──────── RECORDS PROVIDED

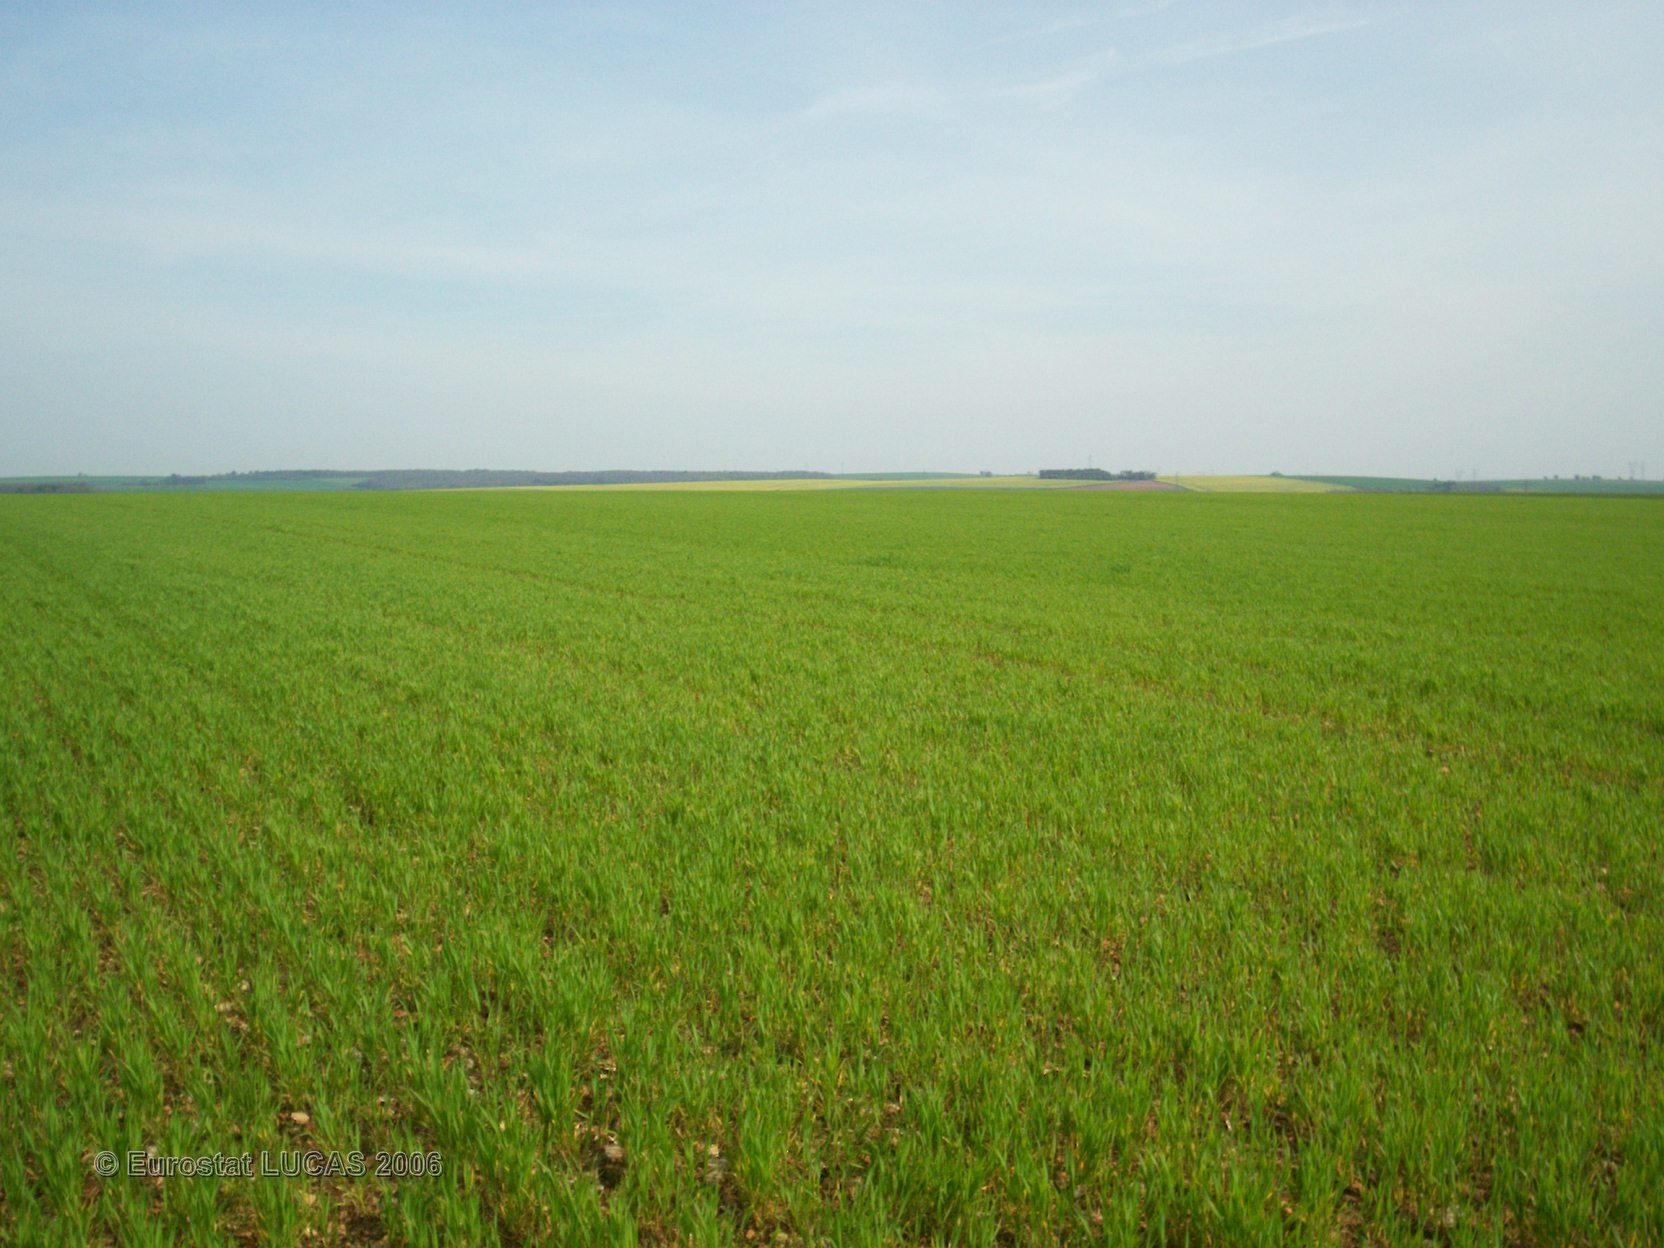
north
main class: Cropland
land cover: Common wheat
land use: Agriculture (excluding fallow land and kitchen gardens)
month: May
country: FR
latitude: 47.5650
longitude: 4.5362
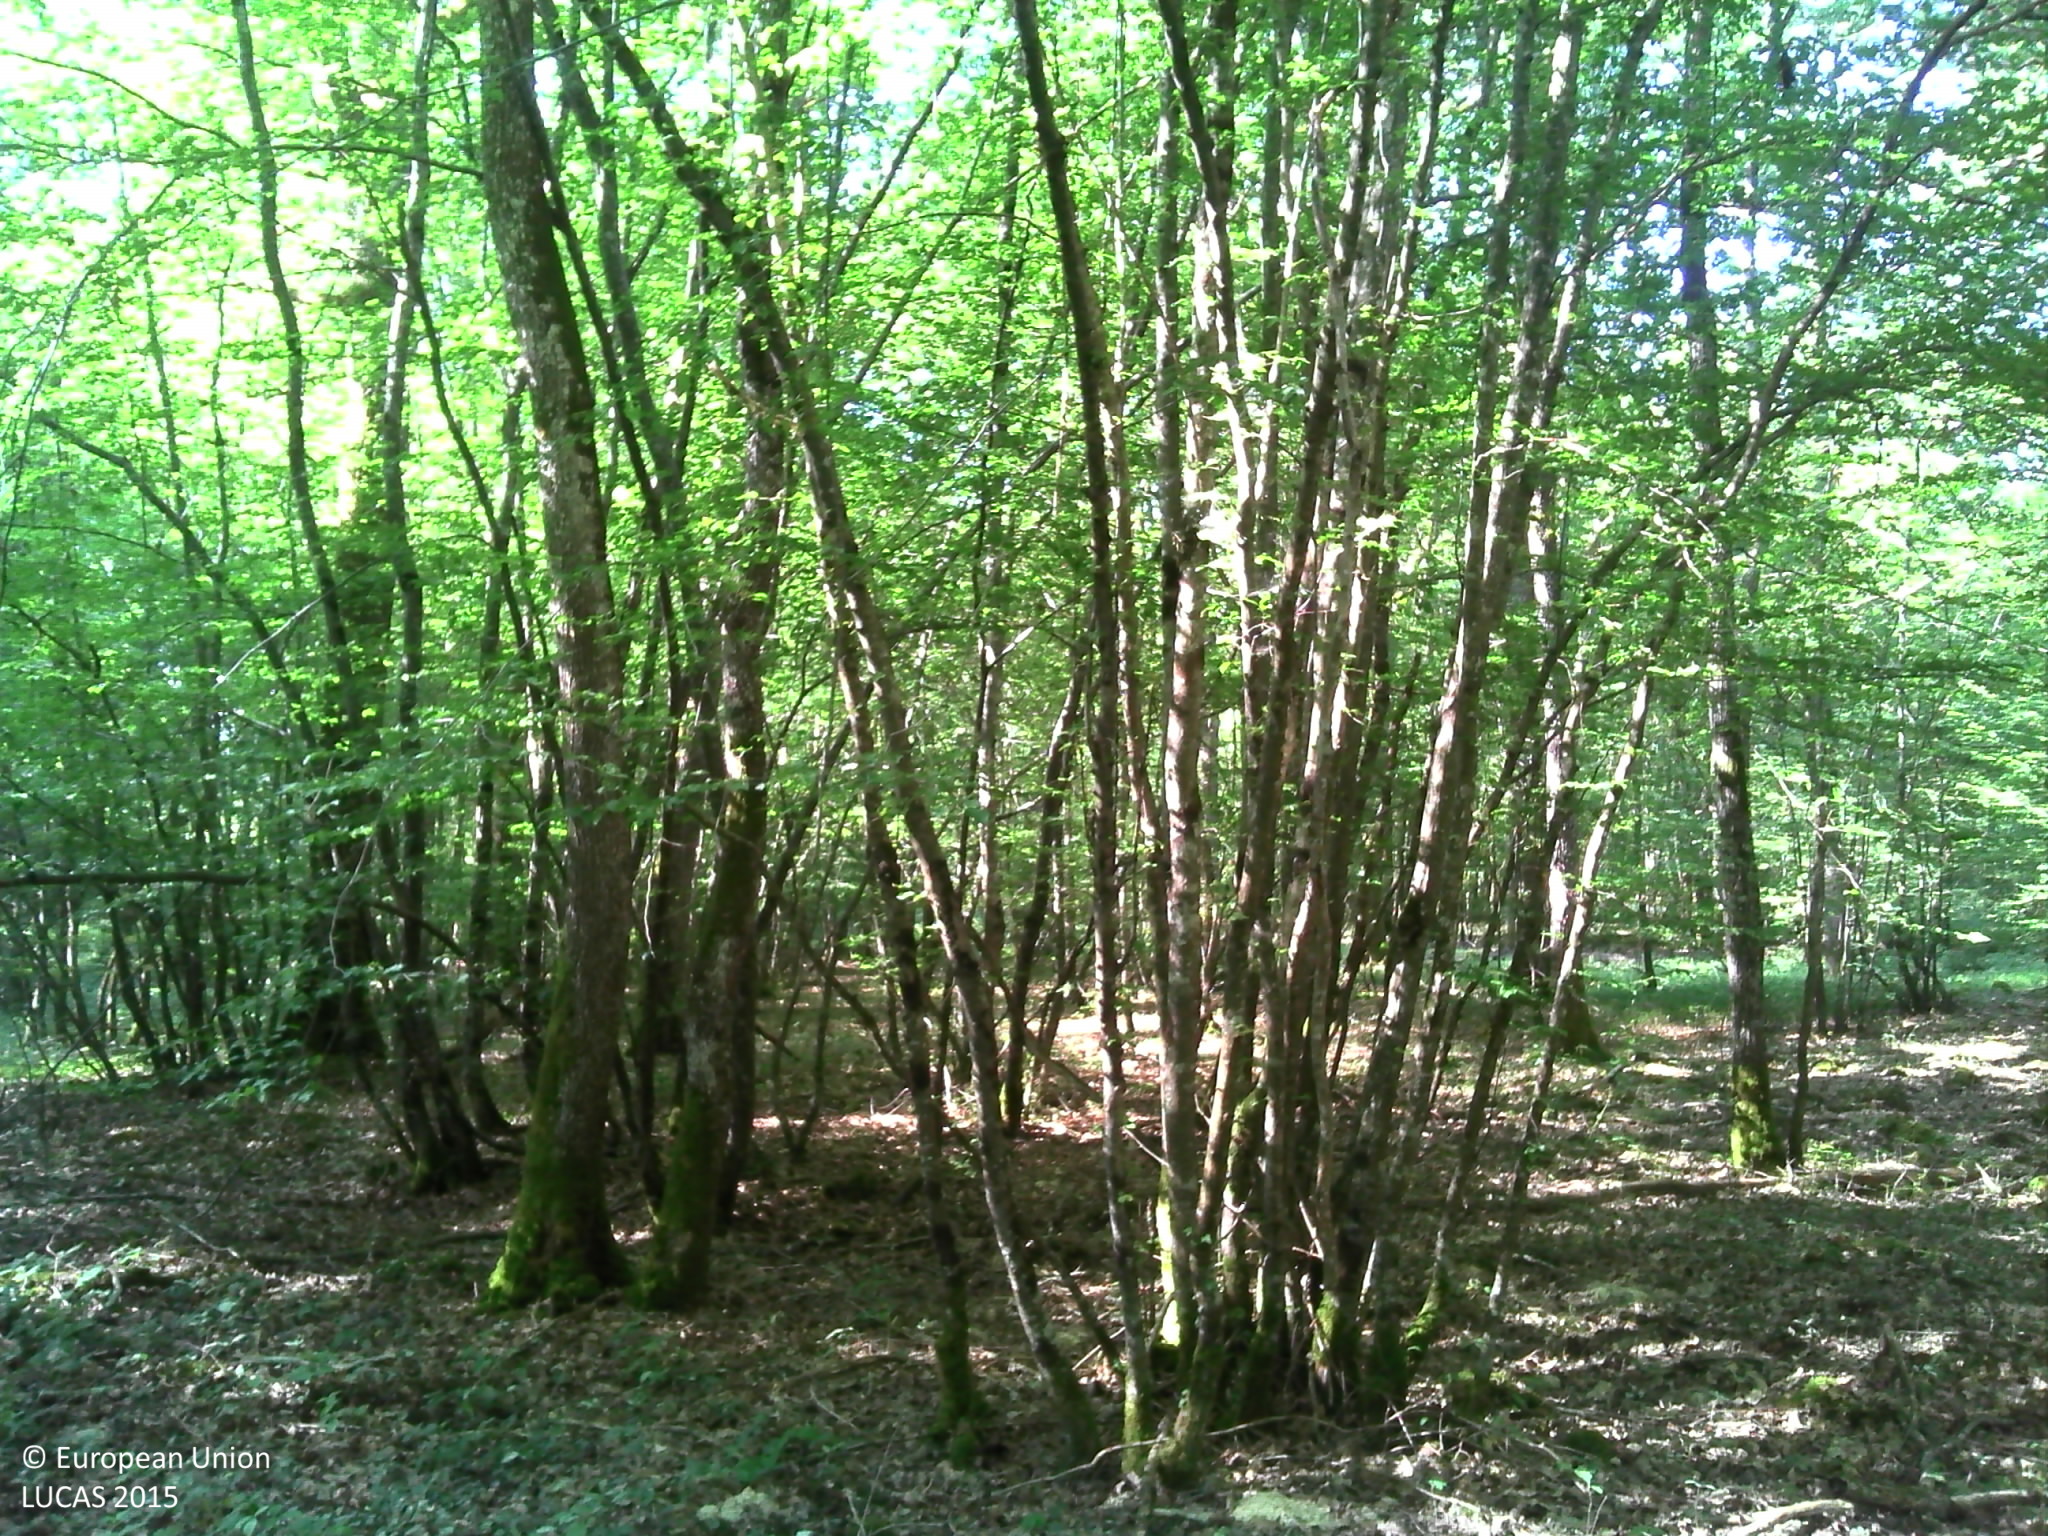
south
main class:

────────────────

# EXERCISE OBJECTIVE:
Please give the data again in full, exactly as written, but without any images.

# YOUR SOLUTION:
north
main class: Cropland
land cover: Common wheat
land use: Agriculture (excluding fallow land and kitchen gardens)
month: May
country: FR
latitude: 47.5650
longitude: 4.5362
south
main class:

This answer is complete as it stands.